Collected data entries
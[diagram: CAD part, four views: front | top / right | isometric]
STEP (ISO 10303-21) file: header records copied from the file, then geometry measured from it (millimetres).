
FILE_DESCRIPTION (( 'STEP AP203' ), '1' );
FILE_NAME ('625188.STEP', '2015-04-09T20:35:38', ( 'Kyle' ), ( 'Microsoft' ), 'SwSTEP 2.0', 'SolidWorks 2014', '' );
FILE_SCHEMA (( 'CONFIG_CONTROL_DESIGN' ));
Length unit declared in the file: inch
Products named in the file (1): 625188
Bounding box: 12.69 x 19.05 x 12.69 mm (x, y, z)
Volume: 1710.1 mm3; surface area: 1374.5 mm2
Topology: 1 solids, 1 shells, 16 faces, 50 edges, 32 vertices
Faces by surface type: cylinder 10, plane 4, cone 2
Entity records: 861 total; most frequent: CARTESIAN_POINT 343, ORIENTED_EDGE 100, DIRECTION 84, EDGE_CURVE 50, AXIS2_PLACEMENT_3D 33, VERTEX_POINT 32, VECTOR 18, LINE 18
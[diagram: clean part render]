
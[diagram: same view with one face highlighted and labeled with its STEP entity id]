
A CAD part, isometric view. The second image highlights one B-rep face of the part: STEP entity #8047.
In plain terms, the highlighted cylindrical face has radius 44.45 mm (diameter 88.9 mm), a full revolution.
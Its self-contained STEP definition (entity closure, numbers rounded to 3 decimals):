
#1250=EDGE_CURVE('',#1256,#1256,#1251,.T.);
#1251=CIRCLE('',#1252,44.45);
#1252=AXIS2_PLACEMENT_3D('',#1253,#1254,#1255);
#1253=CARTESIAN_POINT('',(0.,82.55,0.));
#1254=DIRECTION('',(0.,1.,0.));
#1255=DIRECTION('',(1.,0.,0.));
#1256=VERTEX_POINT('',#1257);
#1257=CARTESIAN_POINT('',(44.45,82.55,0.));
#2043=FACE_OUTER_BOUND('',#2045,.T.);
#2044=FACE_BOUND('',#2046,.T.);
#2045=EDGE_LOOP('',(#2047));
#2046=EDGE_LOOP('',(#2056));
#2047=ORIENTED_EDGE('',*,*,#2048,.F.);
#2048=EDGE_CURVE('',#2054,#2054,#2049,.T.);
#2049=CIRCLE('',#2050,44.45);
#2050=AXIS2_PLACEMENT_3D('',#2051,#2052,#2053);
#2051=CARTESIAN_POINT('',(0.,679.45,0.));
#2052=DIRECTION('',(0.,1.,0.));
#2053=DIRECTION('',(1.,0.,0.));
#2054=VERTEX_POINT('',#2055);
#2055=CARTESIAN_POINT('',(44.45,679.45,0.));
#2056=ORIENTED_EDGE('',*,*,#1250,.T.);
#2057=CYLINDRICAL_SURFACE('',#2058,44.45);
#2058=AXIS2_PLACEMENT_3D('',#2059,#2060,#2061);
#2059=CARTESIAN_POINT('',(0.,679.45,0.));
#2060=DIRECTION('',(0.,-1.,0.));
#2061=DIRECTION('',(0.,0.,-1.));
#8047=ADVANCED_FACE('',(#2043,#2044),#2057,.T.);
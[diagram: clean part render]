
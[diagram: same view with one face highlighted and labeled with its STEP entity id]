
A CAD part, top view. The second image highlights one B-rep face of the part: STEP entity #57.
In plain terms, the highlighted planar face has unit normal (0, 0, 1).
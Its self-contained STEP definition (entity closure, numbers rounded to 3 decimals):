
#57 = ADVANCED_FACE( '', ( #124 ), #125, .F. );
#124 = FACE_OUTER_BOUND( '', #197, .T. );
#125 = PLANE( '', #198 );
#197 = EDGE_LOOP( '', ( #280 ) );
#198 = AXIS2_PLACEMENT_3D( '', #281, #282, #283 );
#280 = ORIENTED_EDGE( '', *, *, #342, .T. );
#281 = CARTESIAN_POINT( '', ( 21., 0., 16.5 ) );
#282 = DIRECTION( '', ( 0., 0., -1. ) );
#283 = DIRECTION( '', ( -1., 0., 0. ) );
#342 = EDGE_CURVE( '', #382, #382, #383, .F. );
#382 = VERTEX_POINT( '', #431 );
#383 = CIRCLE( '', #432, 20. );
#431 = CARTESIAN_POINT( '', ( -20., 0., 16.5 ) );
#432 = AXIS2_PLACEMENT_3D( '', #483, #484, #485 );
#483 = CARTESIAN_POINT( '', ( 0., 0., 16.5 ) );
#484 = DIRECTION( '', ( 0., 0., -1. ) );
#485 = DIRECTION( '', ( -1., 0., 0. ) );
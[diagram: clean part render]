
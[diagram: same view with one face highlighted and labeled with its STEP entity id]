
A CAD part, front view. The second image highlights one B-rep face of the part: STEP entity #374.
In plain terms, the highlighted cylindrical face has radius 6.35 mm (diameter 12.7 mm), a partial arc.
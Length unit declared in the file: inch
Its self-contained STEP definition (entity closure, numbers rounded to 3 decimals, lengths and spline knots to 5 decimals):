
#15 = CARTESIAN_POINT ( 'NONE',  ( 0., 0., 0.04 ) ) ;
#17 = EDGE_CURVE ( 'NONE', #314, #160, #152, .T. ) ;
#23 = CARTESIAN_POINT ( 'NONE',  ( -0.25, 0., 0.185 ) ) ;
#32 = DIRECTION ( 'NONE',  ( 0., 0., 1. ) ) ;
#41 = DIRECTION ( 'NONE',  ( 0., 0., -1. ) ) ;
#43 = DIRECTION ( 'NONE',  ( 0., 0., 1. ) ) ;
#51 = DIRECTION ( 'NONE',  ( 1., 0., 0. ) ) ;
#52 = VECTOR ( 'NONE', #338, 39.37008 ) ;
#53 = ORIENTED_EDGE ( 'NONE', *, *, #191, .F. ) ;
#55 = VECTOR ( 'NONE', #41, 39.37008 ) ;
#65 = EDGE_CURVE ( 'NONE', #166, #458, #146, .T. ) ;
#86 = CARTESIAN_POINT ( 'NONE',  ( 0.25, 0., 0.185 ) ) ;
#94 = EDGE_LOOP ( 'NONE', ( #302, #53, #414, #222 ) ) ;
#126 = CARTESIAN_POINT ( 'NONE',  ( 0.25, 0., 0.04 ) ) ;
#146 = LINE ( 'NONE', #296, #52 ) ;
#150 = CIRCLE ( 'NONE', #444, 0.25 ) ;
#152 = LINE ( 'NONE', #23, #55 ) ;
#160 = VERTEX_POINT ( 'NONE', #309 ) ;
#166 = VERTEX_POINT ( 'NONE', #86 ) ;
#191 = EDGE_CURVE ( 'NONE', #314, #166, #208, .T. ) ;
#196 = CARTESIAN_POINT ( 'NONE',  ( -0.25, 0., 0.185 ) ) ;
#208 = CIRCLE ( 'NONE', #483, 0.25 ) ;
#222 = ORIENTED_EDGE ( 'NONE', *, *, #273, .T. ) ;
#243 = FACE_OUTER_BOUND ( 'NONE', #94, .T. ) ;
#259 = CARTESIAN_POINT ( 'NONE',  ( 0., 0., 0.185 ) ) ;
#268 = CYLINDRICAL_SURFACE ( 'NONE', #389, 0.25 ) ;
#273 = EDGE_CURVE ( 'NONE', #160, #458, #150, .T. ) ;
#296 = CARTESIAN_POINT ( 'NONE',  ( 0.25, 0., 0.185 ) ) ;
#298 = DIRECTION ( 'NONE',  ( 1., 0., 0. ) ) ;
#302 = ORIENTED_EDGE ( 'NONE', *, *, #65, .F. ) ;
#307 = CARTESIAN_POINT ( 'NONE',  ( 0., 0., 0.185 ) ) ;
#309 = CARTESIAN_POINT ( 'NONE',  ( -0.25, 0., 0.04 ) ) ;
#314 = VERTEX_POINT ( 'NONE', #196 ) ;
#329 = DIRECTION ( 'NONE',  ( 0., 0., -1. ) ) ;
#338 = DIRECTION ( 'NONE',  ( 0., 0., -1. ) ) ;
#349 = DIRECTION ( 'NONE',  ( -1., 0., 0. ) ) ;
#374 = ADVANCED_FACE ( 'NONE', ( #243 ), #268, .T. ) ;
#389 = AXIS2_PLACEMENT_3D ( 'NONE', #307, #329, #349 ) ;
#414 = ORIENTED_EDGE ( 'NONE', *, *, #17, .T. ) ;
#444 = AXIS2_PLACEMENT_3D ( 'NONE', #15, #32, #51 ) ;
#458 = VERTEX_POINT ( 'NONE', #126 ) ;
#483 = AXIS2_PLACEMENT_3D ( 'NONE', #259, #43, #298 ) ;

> What to do:
Exactly how many lines in the data above contain the word "front"? Respond with the number and nothing more.

> Answer space:
2